The cleaned text is sent to an AI agent powered by GPT-4o, using LangChain. This agent is trained to automatically extract all key invoice data: invoice number, date, client, vendor, subtotal, total with tax, IBAN, product lines, and more.

➡️ Prompt: JSON-formatted output with standardized fields, optimized for Google Sheets (e.g. using apostrophes to prevent number formatting issues).

The Set node is used to organize the extracted invoice fields: invoice number, date, total amount, client… Each field is formatted for seamless integration into Google Sheets, Notion, or your preferred tool.

Step 10: Flatten the Extracted Data

The JSON generated by the AI agent is transformed into a flat structure, with standardized fields (e.g., invoice_number, invoice_date, total_amount, client_name, etc.) for direct integration into Google Sheets.

💡 You can easily adapt this structure for other tools like Notion, Airtable, or your accounting database depending on your stack.

This final step in the workflow shows the automated export of extracted invoice data to Google Sheets. Each column (amount, client, date…) is manually mapped for clean and structured entry.

Step 11: Insert Structured Data into Google Sheets

The extracted invoice information (amount, date, client, supplier, IBAN, etc.) is automatically added as a new row in a Google Sheet. Each column corresponds to a clearly defined field.

➡️ Connection: Google Sheets linked to your account

You can easily replace this output with Notion, Airtable, an ERP, an invoicing tool, or a SQL database depending on your needs.

Final step: the server automatically deletes temporary PDF files related to the invoice after extraction and storage. This helps maintain a clean and stable environment on each iteration.

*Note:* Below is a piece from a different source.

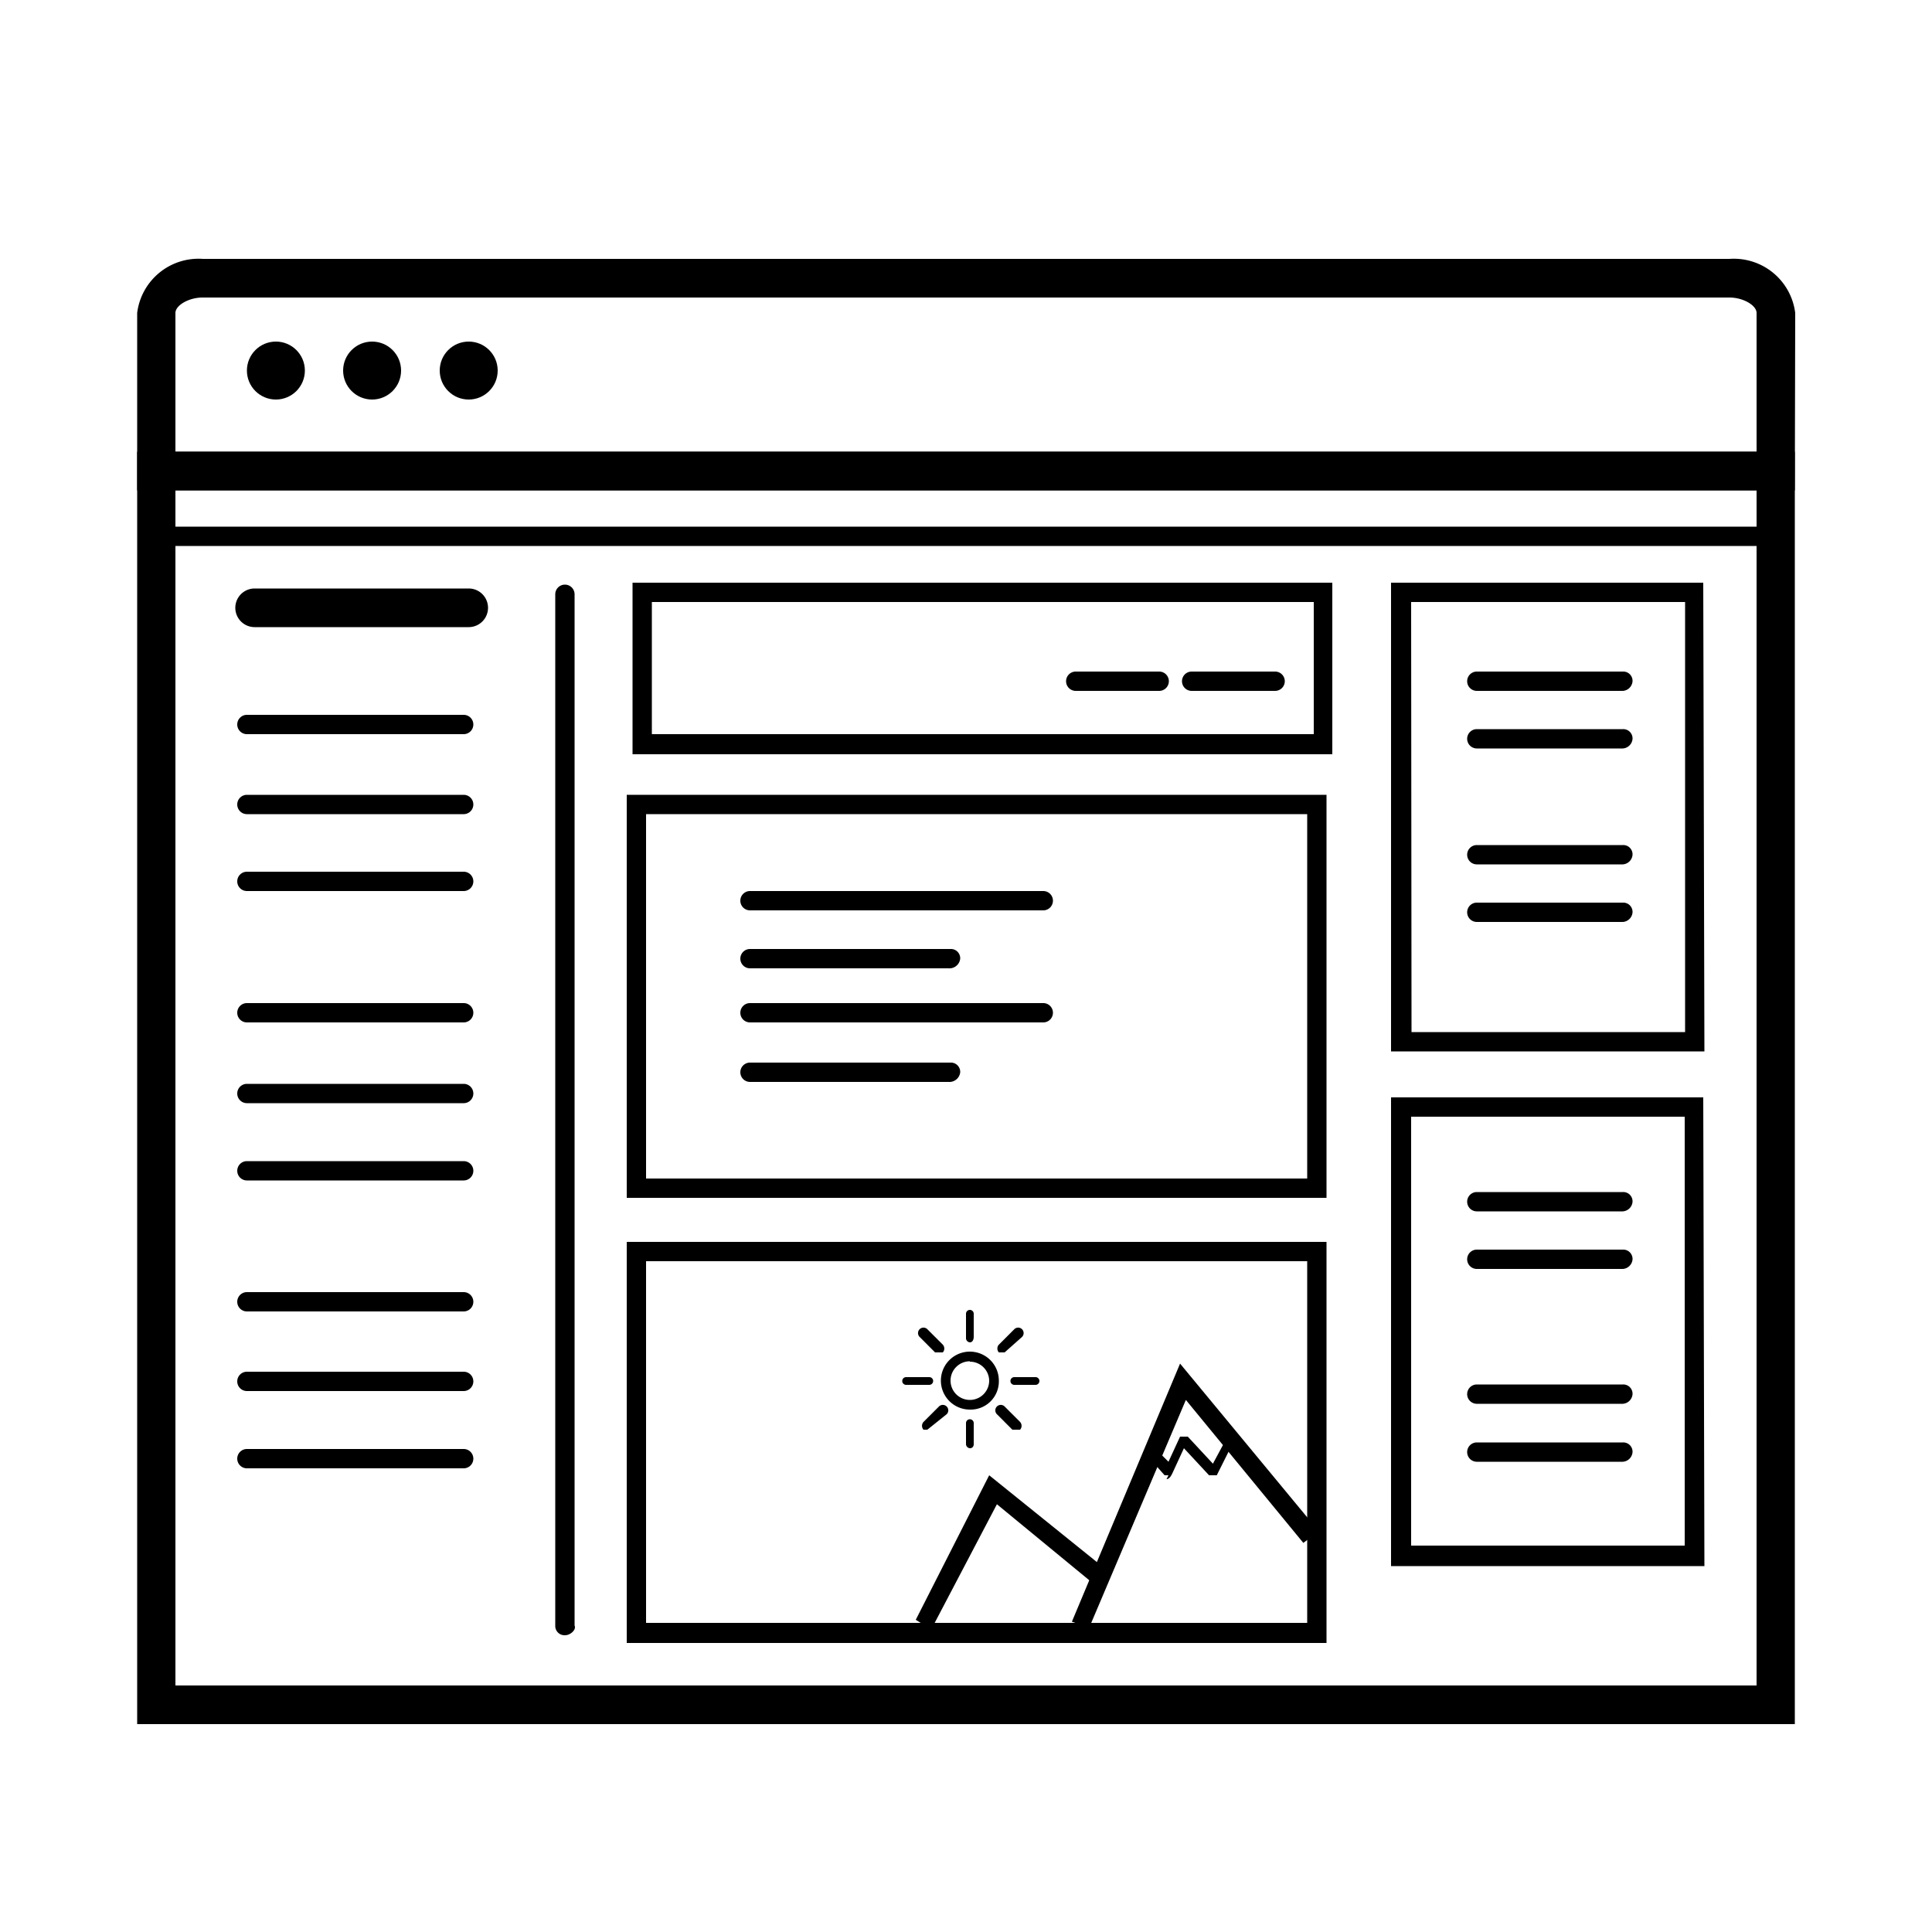 <svg id="Layer_1" data-name="Layer 1" xmlns="http://www.w3.org/2000/svg" viewBox="0 0 50 50"><title>website-material-gsaap-drugfreegrady-2018</title><path d="M14.62,42.32a.24.24,0,0,1-.25-.25V15.38a.25.25,0,0,1,.5,0V42.07C14.92,42.17,14.77,42.32,14.62,42.32Z"/><path d="M34.53,19.52H16.37V15.08H34.48v4.44ZM16.87,19H34V15.58H16.87Z"/><path d="M46.2,14.13H3.9v-2.2H46.2ZM4.4,13.63H45.7v-1.2H4.4Z"/><path d="M34.33,31H16.22V20.57H34.33Zm-17.61-.5H33.83V21.07H16.72Z"/><path d="M34.33,42.52H16.22V32.14H34.33ZM16.72,42H33.83V32.64H16.72Z"/><path d="M44.11,27.21H36V15.08h8.08Zm-7.58-.5h7.08V15.58H36.52Z"/><path d="M44.11,40.53H36V28.4h8.08ZM36.52,40h7.08V28.9H36.52Z"/><path d="M12.13,16.23H6.59a.5.5,0,0,1,0-1h5.54a.5.5,0,0,1,0,1Z"/><path d="M12,19H6.39a.25.25,0,0,1,0-.5H12a.25.25,0,0,1,0,.5Z"/><path d="M33,17.88H30.84a.25.25,0,1,1,0-.5H33a.25.25,0,0,1,0,.5Z"/><path d="M30,17.88H27.84a.25.25,0,1,1,0-.5H30a.25.25,0,0,1,0,.5Z"/><path d="M12,21.07H6.39a.25.25,0,0,1,0-.5H12a.25.25,0,0,1,0,.5Z"/><path d="M12,23.06H6.39a.25.25,0,1,1,0-.5H12a.25.25,0,1,1,0,.5Z"/><path d="M12,26.46H6.39a.25.25,0,0,1,0-.5H12a.25.25,0,0,1,0,.5Z"/><path d="M12,28.55H6.39a.25.25,0,0,1,0-.5H12a.25.25,0,0,1,0,.5Z"/><path d="M12,30.55H6.39a.25.25,0,1,1,0-.5H12a.25.25,0,0,1,0,.5Z"/><path d="M12,33.94H6.39a.25.25,0,0,1,0-.5H12a.25.25,0,0,1,0,.5Z"/><path d="M12,36H6.39a.25.25,0,0,1,0-.5H12a.25.25,0,0,1,0,.5Z"/><path d="M12,38H6.39a.25.25,0,1,1,0-.5H12a.25.25,0,0,1,0,.5Z"/><path d="M11.68,44.42H6.09a.25.25,0,0,1,0-.5h5.59a.24.24,0,0,1,.25.25A.27.27,0,0,1,11.68,44.42Z"/><path d="M46.45,44.62H3.55V11.69H46.45Zm-41.91-1H45.46V12.69H4.54Z"/><path d="M46.45,12.69H3.55V8.1a1.6,1.6,0,0,1,1.7-1.4H44.76a1.6,1.6,0,0,1,1.7,1.4Zm-41.91-1H45.46V8.1c0-.2-.35-.4-.7-.4H5.24c-.35,0-.7.2-.7.4Z"/><circle cx="7.14" cy="9.59" r="0.75"/><circle cx="9.63" cy="9.59" r="0.75"/><circle cx="12.13" cy="9.59" r="0.75"/><path d="M27,23.56H19.41a.25.25,0,1,1,0-.5H27a.25.25,0,0,1,0,.5Z"/><path d="M42,17.88H38.22a.25.25,0,0,1,0-.5H42a.24.24,0,0,1,.25.25A.27.27,0,0,1,42,17.88Z"/><path d="M42,19.37H38.22a.25.25,0,0,1,0-.5H42a.24.24,0,0,1,.25.25A.27.27,0,0,1,42,19.37Z"/><path d="M42,22.37H38.22a.25.25,0,0,1,0-.5H42a.24.24,0,0,1,.25.25A.27.27,0,0,1,42,22.37Z"/><path d="M42,23.86H38.22a.25.25,0,0,1,0-.5H42a.24.24,0,0,1,.25.25A.27.27,0,0,1,42,23.86Z"/><path d="M42,31.35H38.22a.25.25,0,0,1,0-.5H42a.24.24,0,0,1,.25.25A.27.27,0,0,1,42,31.35Z"/><path d="M42,32.84H38.22a.25.25,0,0,1,0-.5H42a.24.24,0,0,1,.25.25A.27.27,0,0,1,42,32.84Z"/><path d="M42,36.33H38.22a.25.25,0,0,1,0-.5H42a.24.24,0,0,1,.25.25A.27.27,0,0,1,42,36.33Z"/><path d="M42,37.83H38.22a.25.25,0,0,1,0-.5H42a.24.24,0,0,1,.25.25A.27.27,0,0,1,42,37.83Z"/><path d="M24.55,25.06H19.41a.25.25,0,1,1,0-.5H24.6a.24.24,0,0,1,.25.25A.28.28,0,0,1,24.55,25.06Z"/><path d="M27,26.46H19.41a.25.25,0,1,1,0-.5H27a.25.25,0,0,1,0,.5Z"/><path d="M24.55,28H19.41a.25.25,0,1,1,0-.5H24.6a.24.24,0,0,1,.25.25A.28.28,0,0,1,24.55,28Z"/><polygon points="28.19 42.12 27.74 41.97 30.54 35.29 34.13 39.63 33.73 39.93 30.69 36.23 28.19 42.12"/><polygon points="24.1 42.17 23.7 41.92 25.6 38.18 28.64 40.63 28.34 41.02 25.8 38.93 24.1 42.17"/><path d="M30.24,38.18s0,0-.1,0l-.4-.45a.14.14,0,1,1,.2-.2l.3.3.3-.65s0,0,.1,0,.1,0,.1,0l.65.7.35-.65s.1-.1.15,0,.1.1,0,.15l-.4.8s0,0-.1,0-.1,0-.1,0l-.65-.7-.3.65q-.07.15-.15.15Z"/><path d="M25.1,36.48a.75.75,0,1,1,.75-.75A.73.73,0,0,1,25.1,36.48Zm0-1.25a.5.5,0,0,0-.5.5.5.5,0,1,0,1,0A.5.5,0,0,0,25.1,35.24Z"/><path d="M25.1,34.74a.11.11,0,0,1-.1-.1V34a.1.1,0,0,1,.2,0v.6S25.2,34.74,25.1,34.74Z"/><path d="M25.1,37.48a.11.11,0,0,1-.1-.1v-.55a.1.1,0,0,1,.2,0v.55S25.2,37.48,25.1,37.48Z"/><path d="M24.05,35.84h-.6a.1.1,0,1,1,0-.2h.6a.1.1,0,1,1,0,.2Z"/><path d="M26.8,35.84h-.55a.1.1,0,1,1,0-.2h.55a.1.1,0,1,1,0,.2Z"/><path d="M24,37s0,0-.1,0a.15.15,0,0,1,0-.2l.4-.4a.14.14,0,0,1,.2.2L24,37Z"/><path d="M25.95,35s0,0-.1,0a.15.15,0,0,1,0-.2l.4-.4a.14.14,0,0,1,.2.2L26,35Z"/><path d="M26.3,37s0,0-.1,0l-.4-.4a.14.14,0,0,1,.2-.2l.4.4a.15.15,0,0,1,0,.2S26.35,37,26.3,37Z"/><path d="M24.3,35s0,0-.1,0l-.4-.4a.14.14,0,0,1,.2-.2l.4.4a.15.15,0,0,1,0,.2S24.35,35,24.3,35Z"/></svg>

Step 12: Clean Up the Server

To keep your server clean and avoid unnecessary storage usage, this step automatically deletes the temporary files created during the invoice processing (/tmp/doc.pdf and /tmp/doc.txt).

➡️ Command: rm -rf /tmp/doc.pdf /tmp/doc.txt

You can customize this path depending on your storage system or if you want to archive files in a different location.

Why Automatically Extracting Invoice Data is a Game-Changer for Your Admin Workflow

Managing your incoming invoices in your CRM, ERP, or Google Sheets efficiently is essential to automate your admin workflow and avoid manual entry errors. Manually reviewing PDF invoices is time-consuming, error-prone, and slows down follow-ups or accounting processes.

Common issues with manual invoice data entry:
  • Missing or incorrect information (invoice number, date, amount, client, etc.).
  • Time wasted opening each PDF and copying the data manually.
  • Risk of duplicates or incorrect amounts entered.
  • Difficulty centralizing and using data for tracking or follow-up.
Benefits of automatically extracting invoice data:
  • Instantly structured and standardized billing information.
  • Significant time savings on administrative tasks.
  • Seamless integration with Google Sheets, Notion, Airtable, or accounting tools.
  • Automated triggers (notifications, archiving, follow-ups, accounting sync, etc.).

By automating the extraction of data from PDF invoices using an AI agent, you eliminate repetitive tasks, improve data accuracy, and boost productivity. This n8n scenario becomes a powerful asset to scale your admin operations effortlessly.